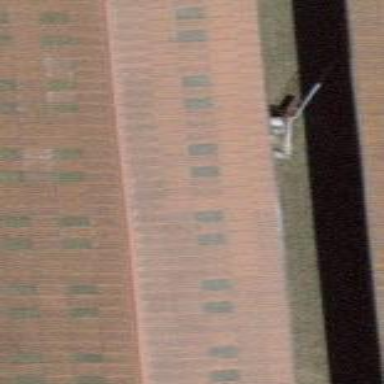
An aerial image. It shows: Barn.
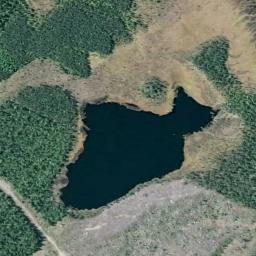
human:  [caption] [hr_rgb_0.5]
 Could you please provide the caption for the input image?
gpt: The lake is surrounded by some groves of trees and the water is dark blue .

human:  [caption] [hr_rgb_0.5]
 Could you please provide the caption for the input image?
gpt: An irregular deep blue lake on the ground with green vegetation .

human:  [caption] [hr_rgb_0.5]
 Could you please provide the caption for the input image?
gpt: The lake is shaped like a fish .

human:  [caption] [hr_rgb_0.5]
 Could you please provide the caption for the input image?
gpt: There are many trees around the lake .

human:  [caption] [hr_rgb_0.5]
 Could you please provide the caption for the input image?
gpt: There are green trees and yellow sand around the lake .
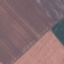
Land use / land cover: AnnualCrop
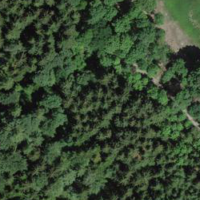
EUNIS habitat code: 44
Species observed at this site:
Neottia ovata
Lamium maculatum
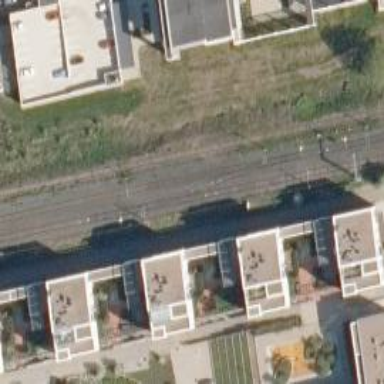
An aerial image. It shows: Railway with continuous electrified contact line.
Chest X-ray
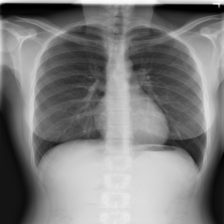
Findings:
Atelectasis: negative
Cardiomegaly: negative
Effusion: negative
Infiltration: negative
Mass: negative
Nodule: negative
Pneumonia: negative
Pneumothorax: negative
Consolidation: negative
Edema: negative
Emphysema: negative
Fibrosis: negative
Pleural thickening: negative
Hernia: negative
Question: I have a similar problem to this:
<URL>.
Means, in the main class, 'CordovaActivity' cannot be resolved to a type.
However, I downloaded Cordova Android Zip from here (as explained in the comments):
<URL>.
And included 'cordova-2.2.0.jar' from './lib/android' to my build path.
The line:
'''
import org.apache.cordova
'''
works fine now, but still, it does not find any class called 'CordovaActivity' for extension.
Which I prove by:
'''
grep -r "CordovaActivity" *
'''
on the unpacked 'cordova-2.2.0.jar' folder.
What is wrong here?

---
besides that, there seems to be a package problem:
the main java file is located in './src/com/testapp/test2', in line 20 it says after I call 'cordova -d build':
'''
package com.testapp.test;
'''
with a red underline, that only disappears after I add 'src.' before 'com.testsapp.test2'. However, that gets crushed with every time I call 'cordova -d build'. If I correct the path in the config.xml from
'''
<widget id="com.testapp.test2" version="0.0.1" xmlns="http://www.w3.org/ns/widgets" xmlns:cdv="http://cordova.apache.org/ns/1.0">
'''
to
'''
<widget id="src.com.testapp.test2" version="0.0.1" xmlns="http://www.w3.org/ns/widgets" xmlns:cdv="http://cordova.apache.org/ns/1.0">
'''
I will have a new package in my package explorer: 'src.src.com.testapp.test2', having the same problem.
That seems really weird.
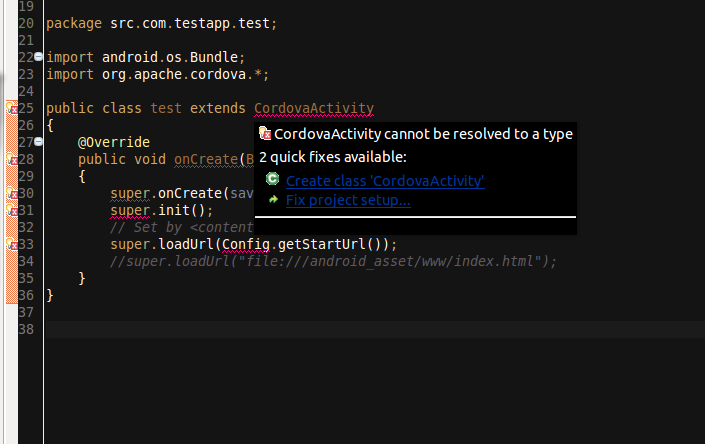
Answer: I found this one in the web. It helped me:
<URL>
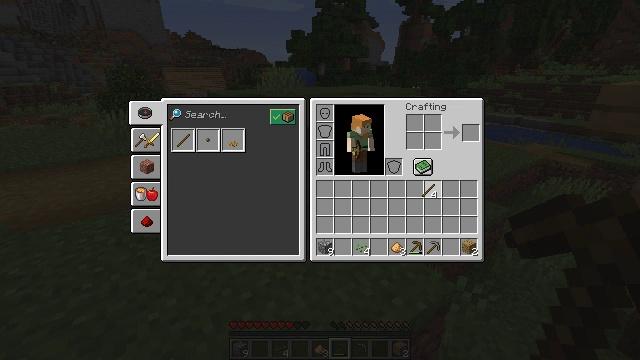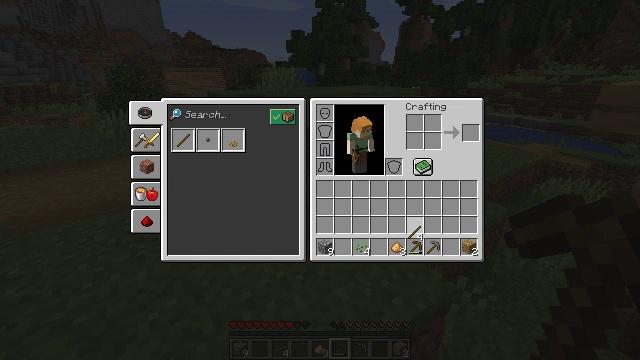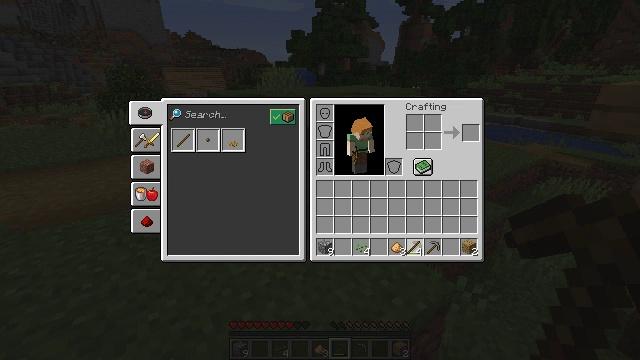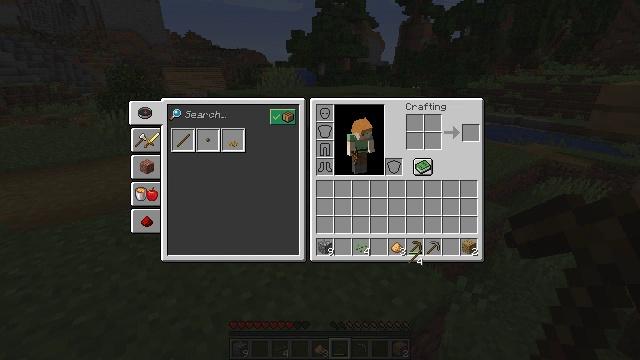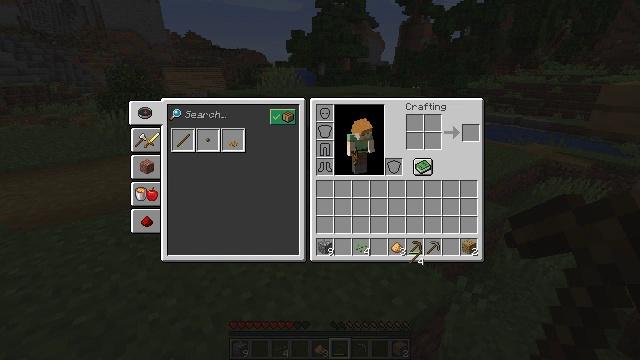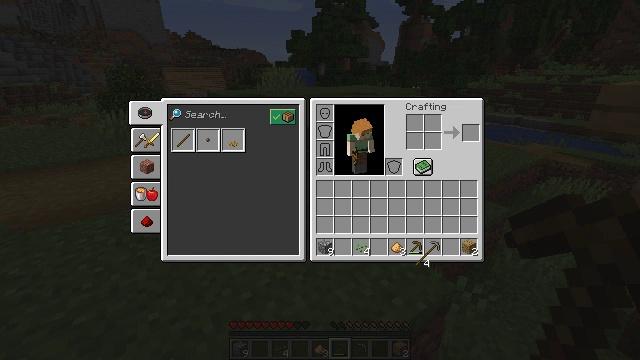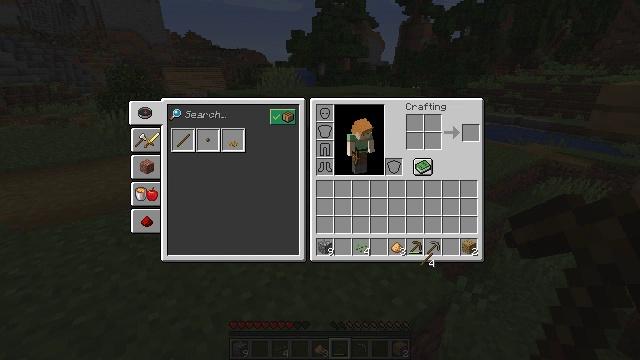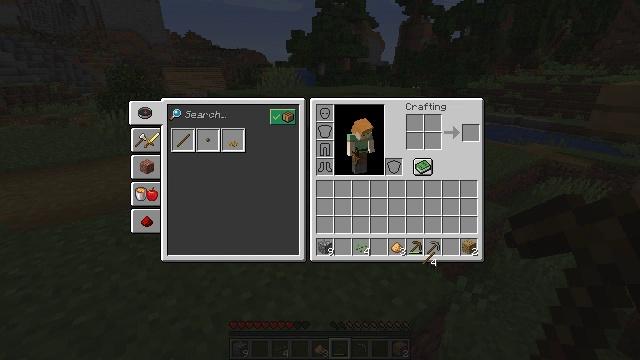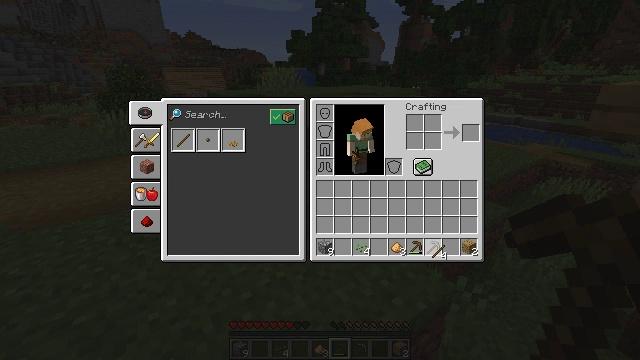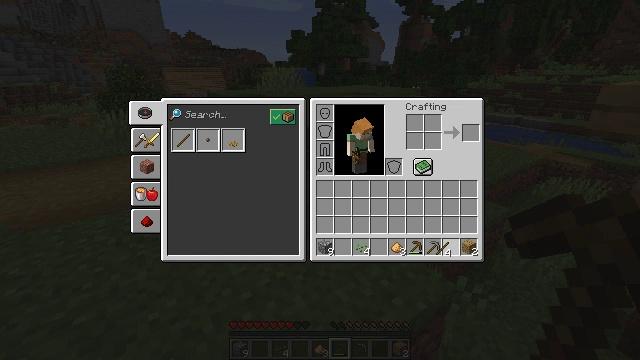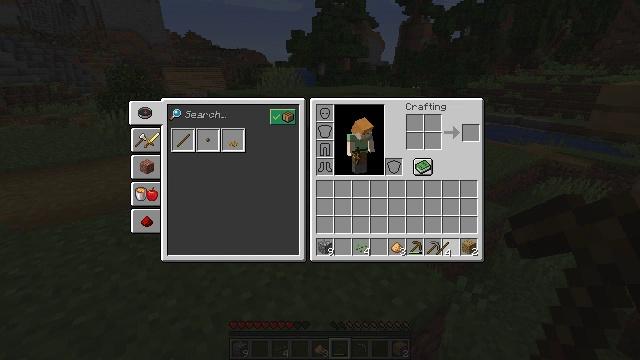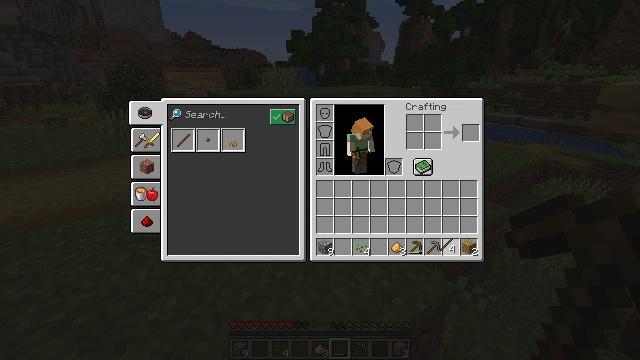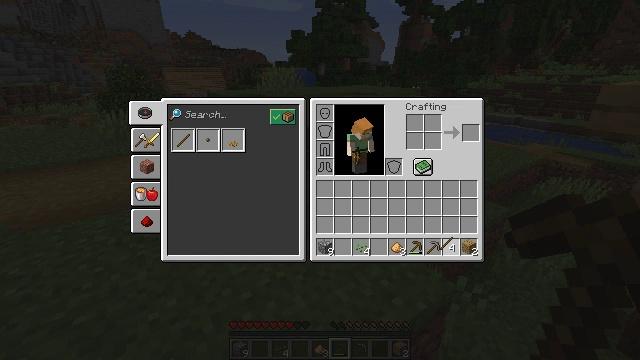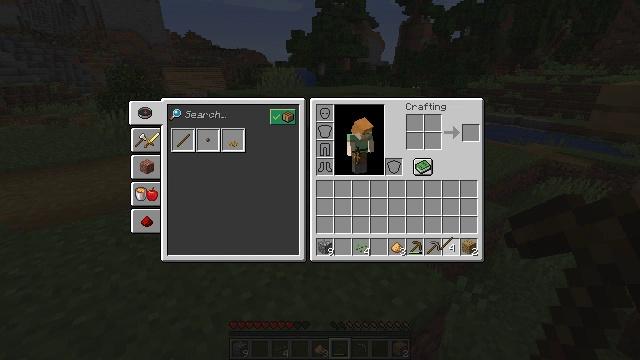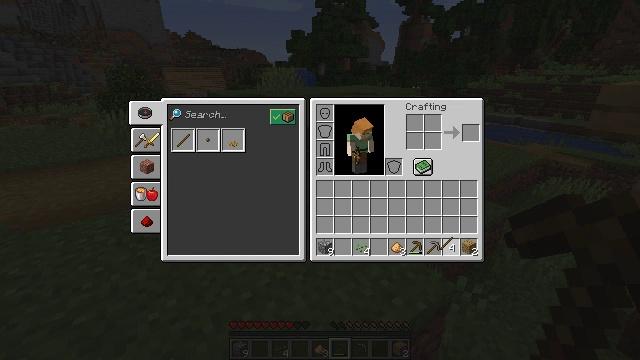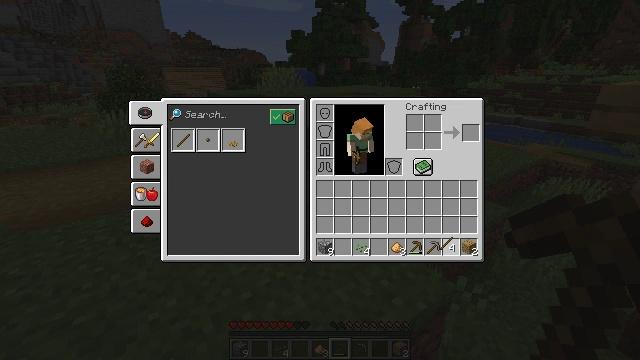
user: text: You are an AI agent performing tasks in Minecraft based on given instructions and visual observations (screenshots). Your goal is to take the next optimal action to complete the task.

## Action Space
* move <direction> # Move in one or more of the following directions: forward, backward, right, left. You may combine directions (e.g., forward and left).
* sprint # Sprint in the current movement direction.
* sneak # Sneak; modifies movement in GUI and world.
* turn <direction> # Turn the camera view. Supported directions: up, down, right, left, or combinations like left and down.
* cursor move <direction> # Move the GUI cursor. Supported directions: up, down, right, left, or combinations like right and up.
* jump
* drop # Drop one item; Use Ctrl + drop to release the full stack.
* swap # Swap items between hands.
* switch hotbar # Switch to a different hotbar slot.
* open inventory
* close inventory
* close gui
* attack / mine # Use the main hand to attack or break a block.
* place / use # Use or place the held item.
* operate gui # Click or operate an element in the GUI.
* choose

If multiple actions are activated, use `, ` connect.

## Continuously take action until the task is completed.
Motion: motion action
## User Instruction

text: Obtain a lever through crafting.
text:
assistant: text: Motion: move forward, turn left and down
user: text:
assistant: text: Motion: move forward, turn down
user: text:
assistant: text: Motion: move forward, turn down
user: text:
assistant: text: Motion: move forward
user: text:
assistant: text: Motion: move forward
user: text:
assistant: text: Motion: move forward
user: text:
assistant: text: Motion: move forward
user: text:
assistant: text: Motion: move forward, turn right and up
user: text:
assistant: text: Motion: move forward
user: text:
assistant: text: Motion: move forward
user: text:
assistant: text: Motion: move forward
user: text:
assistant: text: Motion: move forward
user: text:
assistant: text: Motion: move forward, attack / mine
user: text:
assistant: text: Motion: move forward, attack / mine
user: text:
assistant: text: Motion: attack / mine
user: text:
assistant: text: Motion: attack / mine
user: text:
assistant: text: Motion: no_op
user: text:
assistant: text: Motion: move forward
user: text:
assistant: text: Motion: move forward, open inventory
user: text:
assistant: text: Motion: move forward, open inventory
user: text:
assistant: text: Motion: open inventory
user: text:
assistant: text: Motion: open inventory
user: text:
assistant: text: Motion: no_op
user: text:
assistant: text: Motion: move forward
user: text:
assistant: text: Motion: move forward, turn right and down
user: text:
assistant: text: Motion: move forward, turn right and down
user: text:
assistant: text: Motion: move forward, turn right and down
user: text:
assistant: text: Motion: move forward, turn right
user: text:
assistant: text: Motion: move forward, turn right
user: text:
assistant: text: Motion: move forward, turn right
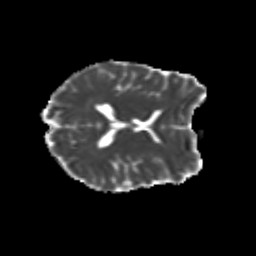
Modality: MD
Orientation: axial
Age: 21
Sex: female
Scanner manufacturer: siemens
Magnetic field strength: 3 T
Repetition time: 3.5 s
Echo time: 0.104 s
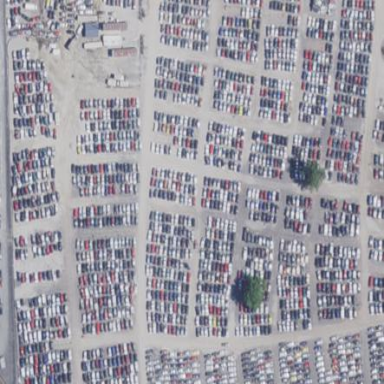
++++++++
- **THE PROBLEM**
When an image appears in the data, skip it and output the rest exactly.

- **COMPLETED EXERCISE**
An aerial image. It shows: Barn.
human:  [caption] [hr_rgb_0.5]
 Could you please provide the caption for the input image?
gpt: The lake is surrounded by some groves of trees and the water is dark blue .

human:  [caption] [hr_rgb_0.5]
 Could you please provide the caption for the input image?
gpt: An irregular deep blue lake on the ground with green vegetation .

human:  [caption] [hr_rgb_0.5]
 Could you please provide the caption for the input image?
gpt: The lake is shaped like a fish .

human:  [caption] [hr_rgb_0.5]
 Could you please provide the caption for the input image?
gpt: There are many trees around the lake .

human:  [caption] [hr_rgb_0.5]
 Could you please provide the caption for the input image?
gpt: There are green trees and yellow sand around the lake .
Land use / land cover: AnnualCrop
EUNIS habitat code: 44
Species observed at this site:
Neottia ovata
Lamium maculatum
An aerial image. It shows: Railway with continuous electrified contact line.
Chest X-ray
Findings:
Atelectasis: negative
Cardiomegaly: negative
Effusion: negative
Infiltration: negative
Mass: negative
Nodule: negative
Pneumonia: negative
Pneumothorax: negative
Consolidation: negative
Edema: negative
Emphysema: negative
Fibrosis: negative
Pleural thickening: negative
Hernia: negative
Question: I have a similar problem to this:
<URL>.
Means, in the main class, 'CordovaActivity' cannot be resolved to a type.
However, I downloaded Cordova Android Zip from here (as explained in the comments):
<URL>.
And included 'cordova-2.2.0.jar' from './lib/android' to my build path.
The line:
'''
import org.apache.cordova
'''
works fine now, but still, it does not find any class called 'CordovaActivity' for extension.
Which I prove by:
'''
grep -r "CordovaActivity" *
'''
on the unpacked 'cordova-2.2.0.jar' folder.
What is wrong here?

---
besides that, there seems to be a package problem:
the main java file is located in './src/com/testapp/test2', in line 20 it says after I call 'cordova -d build':
'''
package com.testapp.test;
'''
with a red underline, that only disappears after I add 'src.' before 'com.testsapp.test2'. However, that gets crushed with every time I call 'cordova -d build'. If I correct the path in the config.xml from
'''
<widget id="com.testapp.test2" version="0.0.1" xmlns="http://www.w3.org/ns/widgets" xmlns:cdv="http://cordova.apache.org/ns/1.0">
'''
to
'''
<widget id="src.com.testapp.test2" version="0.0.1" xmlns="http://www.w3.org/ns/widgets" xmlns:cdv="http://cordova.apache.org/ns/1.0">
'''
I will have a new package in my package explorer: 'src.src.com.testapp.test2', having the same problem.
That seems really weird.
Answer: I found this one in the web. It helped me:
<URL>
user: text: You are an AI agent performing tasks in Minecraft based on given instructions and visual observations (screenshots). Your goal is to take the next optimal action to complete the task.

## Action Space
* move <direction> # Move in one or more of the following directions: forward, backward, right, left. You may combine directions (e.g., forward and left).
* sprint # Sprint in the current movement direction.
* sneak # Sneak; modifies movement in GUI and world.
* turn <direction> # Turn the camera view. Supported directions: up, down, right, left, or combinations like left and down.
* cursor move <direction> # Move the GUI cursor. Supported directions: up, down, right, left, or combinations like right and up.
* jump
* drop # Drop one item; Use Ctrl + drop to release the full stack.
* swap # Swap items between hands.
* switch hotbar # Switch to a different hotbar slot.
* open inventory
* close inventory
* close gui
* attack / mine # Use the main hand to attack or break a block.
* place / use # Use or place the held item.
* operate gui # Click or operate an element in the GUI.
* choose

If multiple actions are activated, use `, ` connect.

## Continuously take action until the task is completed.
Motion: motion action
## User Instruction

text: Obtain a lever through crafting.
text:
assistant: text: Motion: move forward, turn left and down
user: text:
assistant: text: Motion: move forward, turn down
user: text:
assistant: text: Motion: move forward, turn down
user: text:
assistant: text: Motion: move forward
user: text:
assistant: text: Motion: move forward
user: text:
assistant: text: Motion: move forward
user: text:
assistant: text: Motion: move forward
user: text:
assistant: text: Motion: move forward, turn right and up
user: text:
assistant: text: Motion: move forward
user: text:
assistant: text: Motion: move forward
user: text:
assistant: text: Motion: move forward
user: text:
assistant: text: Motion: move forward
user: text:
assistant: text: Motion: move forward, attack / mine
user: text:
assistant: text: Motion: move forward, attack / mine
user: text:
assistant: text: Motion: attack / mine
user: text:
assistant: text: Motion: attack / mine
user: text:
assistant: text: Motion: no_op
user: text:
assistant: text: Motion: move forward
user: text:
assistant: text: Motion: move forward, open inventory
user: text:
assistant: text: Motion: move forward, open inventory
user: text:
assistant: text: Motion: open inventory
user: text:
assistant: text: Motion: open inventory
user: text:
assistant: text: Motion: no_op
user: text:
assistant: text: Motion: move forward
user: text:
assistant: text: Motion: move forward, turn right and down
user: text:
assistant: text: Motion: move forward, turn right and down
user: text:
assistant: text: Motion: move forward, turn right and down
user: text:
assistant: text: Motion: move forward, turn right
user: text:
assistant: text: Motion: move forward, turn right
user: text:
assistant: text: Motion: move forward, turn right
Modality: MD
Orientation: axial
Age: 21
Sex: female
Scanner manufacturer: siemens
Magnetic field strength: 3 T
Repetition time: 3.5 s
Echo time: 0.104 s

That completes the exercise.